Bien qu’emprisonné et dépendant de la libéralité des croyants (Philippiens 4. 18), l’apôtre, par amour pour son Seigneur, fait passer ses frères et sœurs au-dessus de ses propres besoins matériels.

En cela, il montre un autre caractère de l’amour, qui ne cherche pas son propre intérêt (1 Corinthiens 13. 5) : quel encouragement pour nous !

20 Oui, frère, que je tire ce profit de toi dans le Seigneur : rafraîchis mes affections en Christ.

Paul reprend ici la suite du verset 16, en appuyant ce qu’il dit par cette expression : “oui, frère”.

Au verset 7, l’apôtre avait mis en évidence que, par son amour, Philémon réconfortait le cœur des croyants. Ici, l’apôtre souhaite être aussi lui-même bénéficiaire (tirer profit) de cet amour et expérimenter ce rafraîchissement de l’âme ; ce serait le cas lorsque Philémon recevrait Onésime comme son frère bien-aimé. L’apôtre serait ainsi rafraîchi, encouragé par ce témoignage supplémentaire d’amour de Philémon.

Le profit de Paul est “dans le Seigneur” : ce n’est donc pas une demande égoïste, par intérêt personnel, mais en vue de la gloire du Seigneur. C’est ainsi que chaque service que nous effectuons doit être accompli dans le Seigneur et pour le Seigneur.

21 C’est pleinement assuré de ton obéissance que je t’écris : je sais que tu feras même plus que je ne dis.

Ce verset termine la prière de Paul à Philémon en faveur d’Onésime.

Paul est assuré de l’obéissance de Philémon. L’obéissance peut se réaliser de deux manières : par amour, ou par contrainte. Lorsque l’amour est le mobile, aucun ordre n’est nécessaire : l’amour sait identifier les besoins, et agir conformément à la volonté de celui qu’on aime. Combien cela devrait caractériser nos vies de famille et d’assemblée !

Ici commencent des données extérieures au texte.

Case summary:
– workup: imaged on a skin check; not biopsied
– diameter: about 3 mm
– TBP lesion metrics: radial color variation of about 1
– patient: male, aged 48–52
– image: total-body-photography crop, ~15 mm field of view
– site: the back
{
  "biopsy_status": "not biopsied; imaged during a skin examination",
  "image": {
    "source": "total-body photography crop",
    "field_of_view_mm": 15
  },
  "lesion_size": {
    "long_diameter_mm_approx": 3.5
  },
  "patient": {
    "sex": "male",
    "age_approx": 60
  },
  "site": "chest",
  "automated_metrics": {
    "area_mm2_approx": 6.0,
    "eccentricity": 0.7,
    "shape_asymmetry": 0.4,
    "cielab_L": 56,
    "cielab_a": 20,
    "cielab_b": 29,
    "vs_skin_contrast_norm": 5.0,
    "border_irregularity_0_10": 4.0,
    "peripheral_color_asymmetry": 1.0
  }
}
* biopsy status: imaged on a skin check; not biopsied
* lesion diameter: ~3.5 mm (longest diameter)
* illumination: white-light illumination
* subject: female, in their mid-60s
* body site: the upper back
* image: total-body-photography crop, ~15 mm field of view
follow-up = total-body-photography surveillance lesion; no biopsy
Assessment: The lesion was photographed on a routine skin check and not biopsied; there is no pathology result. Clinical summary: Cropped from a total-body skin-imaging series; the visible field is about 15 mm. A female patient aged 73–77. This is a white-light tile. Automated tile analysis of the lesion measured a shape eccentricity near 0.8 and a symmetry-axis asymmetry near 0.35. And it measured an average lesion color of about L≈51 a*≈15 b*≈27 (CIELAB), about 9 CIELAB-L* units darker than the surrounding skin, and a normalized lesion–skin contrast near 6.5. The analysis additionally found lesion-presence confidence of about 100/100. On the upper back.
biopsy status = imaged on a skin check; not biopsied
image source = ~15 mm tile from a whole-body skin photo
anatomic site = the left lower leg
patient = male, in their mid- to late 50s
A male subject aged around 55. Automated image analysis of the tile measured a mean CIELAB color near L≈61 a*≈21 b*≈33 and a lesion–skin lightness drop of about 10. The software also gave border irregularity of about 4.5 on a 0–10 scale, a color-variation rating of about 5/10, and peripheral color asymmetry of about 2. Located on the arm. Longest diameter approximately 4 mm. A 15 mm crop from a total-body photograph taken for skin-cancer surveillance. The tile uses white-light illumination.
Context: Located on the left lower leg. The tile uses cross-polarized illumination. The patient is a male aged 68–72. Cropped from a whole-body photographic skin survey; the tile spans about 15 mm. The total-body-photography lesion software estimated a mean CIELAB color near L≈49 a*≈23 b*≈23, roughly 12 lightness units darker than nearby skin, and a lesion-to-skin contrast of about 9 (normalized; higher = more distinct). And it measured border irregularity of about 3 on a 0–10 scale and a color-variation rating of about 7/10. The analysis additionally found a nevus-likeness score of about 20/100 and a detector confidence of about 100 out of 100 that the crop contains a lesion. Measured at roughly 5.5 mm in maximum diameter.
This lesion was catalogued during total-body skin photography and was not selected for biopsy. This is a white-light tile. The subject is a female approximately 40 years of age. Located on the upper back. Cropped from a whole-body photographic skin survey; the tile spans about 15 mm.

Dans cette épître, Paul n’a donné aucun ordre à Philémon. Il ne dit pas : “plus que je ne demande”, mais “plus que je ne dis”. Cette lettre n’est pas une instruction, mais l’expression d’un profond désir qui correspond à la volonté divine.

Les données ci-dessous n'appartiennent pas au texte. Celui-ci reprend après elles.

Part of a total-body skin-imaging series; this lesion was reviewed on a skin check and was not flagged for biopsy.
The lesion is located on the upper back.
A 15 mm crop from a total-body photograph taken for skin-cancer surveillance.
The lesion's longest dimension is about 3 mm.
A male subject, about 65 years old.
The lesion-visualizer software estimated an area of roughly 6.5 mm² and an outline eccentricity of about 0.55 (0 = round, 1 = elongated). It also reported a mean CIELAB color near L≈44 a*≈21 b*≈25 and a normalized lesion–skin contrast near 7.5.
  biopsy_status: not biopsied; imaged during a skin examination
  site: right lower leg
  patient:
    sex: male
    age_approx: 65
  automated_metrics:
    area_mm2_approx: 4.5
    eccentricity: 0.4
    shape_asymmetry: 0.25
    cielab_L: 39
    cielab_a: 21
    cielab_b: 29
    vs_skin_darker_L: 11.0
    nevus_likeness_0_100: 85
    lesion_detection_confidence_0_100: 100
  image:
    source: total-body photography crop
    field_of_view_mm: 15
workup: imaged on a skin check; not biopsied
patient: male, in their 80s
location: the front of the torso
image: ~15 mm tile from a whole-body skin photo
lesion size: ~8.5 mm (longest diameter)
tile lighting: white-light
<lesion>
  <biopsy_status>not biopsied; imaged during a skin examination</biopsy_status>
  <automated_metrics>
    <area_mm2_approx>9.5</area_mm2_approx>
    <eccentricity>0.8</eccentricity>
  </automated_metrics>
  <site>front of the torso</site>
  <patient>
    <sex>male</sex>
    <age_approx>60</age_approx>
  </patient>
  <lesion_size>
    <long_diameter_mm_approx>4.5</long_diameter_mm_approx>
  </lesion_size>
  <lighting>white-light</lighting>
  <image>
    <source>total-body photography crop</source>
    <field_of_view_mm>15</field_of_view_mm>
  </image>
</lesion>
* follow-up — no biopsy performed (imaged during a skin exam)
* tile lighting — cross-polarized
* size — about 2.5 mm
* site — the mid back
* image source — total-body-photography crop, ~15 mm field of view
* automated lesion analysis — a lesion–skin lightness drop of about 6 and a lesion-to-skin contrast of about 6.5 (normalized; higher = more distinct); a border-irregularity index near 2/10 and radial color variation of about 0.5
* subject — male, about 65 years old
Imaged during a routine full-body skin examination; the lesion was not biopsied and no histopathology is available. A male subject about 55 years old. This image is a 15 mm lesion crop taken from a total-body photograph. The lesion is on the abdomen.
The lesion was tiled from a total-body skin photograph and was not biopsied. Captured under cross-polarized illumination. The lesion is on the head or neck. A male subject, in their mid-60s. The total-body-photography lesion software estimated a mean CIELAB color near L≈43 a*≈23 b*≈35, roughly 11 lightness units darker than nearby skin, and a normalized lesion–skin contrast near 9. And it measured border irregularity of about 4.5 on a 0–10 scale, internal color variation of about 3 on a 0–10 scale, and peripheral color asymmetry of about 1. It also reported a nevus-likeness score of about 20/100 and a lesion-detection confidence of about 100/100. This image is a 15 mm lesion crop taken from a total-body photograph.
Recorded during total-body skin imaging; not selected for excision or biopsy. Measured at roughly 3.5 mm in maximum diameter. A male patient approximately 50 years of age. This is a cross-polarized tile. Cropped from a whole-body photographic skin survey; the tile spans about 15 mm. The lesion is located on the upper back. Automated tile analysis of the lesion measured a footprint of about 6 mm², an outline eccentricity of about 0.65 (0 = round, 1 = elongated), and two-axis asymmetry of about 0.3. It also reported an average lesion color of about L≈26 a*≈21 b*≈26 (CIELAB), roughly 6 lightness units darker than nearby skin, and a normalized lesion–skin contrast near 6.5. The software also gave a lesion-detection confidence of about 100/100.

Paul sait que Philémon fera même plus que ce qu’il a dit. Or dans les versets précédents, il est question de recevoir Onésime “au-dessus d’un esclave, comme un frère bien-aimé, comme l’apôtre lui-même”, et il a été demandé à Philémon de mettre les éventuelles dettes de l’esclave sur le compte de l’apôtre. Que signifie alors “faire plus” ? Philémon saura “lire entre les lignes”, Paul en est convaincu ; et il sait également que Philémon, mû par l’amour de Dieu, agira envers Onésime mieux que ce que Paul exprime dans cette lettre. Bien que cela ne soit pas mentionné, peut-être trouvons-nous ici en filigrane le vœu secret de l’apôtre que Philémon affranchisse Onésime de son statut d’esclave ?

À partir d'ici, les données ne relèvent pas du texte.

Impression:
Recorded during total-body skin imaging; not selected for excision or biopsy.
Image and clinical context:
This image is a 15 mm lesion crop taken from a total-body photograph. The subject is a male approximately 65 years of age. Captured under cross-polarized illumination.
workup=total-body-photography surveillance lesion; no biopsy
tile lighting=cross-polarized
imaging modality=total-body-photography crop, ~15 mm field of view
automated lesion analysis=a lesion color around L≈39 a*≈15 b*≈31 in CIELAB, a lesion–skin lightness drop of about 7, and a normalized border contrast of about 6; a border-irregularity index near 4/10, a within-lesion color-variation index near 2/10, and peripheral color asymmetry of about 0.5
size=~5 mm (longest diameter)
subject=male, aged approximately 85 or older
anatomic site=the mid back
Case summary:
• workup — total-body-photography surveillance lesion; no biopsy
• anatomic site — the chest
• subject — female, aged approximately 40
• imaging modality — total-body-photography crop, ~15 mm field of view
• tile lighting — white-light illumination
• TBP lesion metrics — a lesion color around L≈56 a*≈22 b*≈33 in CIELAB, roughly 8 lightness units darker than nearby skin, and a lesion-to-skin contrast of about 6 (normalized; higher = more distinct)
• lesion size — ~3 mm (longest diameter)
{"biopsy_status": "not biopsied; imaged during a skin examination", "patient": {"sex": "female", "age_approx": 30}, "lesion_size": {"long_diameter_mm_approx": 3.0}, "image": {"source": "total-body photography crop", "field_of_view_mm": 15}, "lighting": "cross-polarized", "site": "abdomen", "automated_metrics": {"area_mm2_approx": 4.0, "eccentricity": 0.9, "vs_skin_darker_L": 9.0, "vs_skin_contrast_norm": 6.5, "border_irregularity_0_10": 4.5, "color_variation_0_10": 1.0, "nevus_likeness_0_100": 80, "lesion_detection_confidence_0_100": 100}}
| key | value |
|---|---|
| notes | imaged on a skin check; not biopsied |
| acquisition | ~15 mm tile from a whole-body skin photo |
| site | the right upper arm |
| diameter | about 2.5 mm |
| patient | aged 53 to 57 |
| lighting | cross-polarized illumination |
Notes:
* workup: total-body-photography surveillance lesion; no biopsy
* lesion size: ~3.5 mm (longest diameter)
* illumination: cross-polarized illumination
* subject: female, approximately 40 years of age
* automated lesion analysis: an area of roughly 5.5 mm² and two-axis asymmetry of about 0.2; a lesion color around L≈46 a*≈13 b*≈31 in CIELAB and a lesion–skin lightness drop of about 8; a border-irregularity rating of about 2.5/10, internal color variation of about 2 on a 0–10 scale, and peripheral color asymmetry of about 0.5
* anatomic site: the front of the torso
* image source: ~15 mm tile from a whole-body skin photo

Synthèse des versets 17 à 21

Paul s’engage à payer les éventuelles dettes qu’Onésime aurait contractées ; de cette manière, ces aspects matériels ne seront pas un obstacle dans le développement des nouveaux liens entre Philémon et Onésime. L’apôtre est persuadé que Philémon interprétera correctement ses lignes, et fera même davantage que ce qu’il a écrit.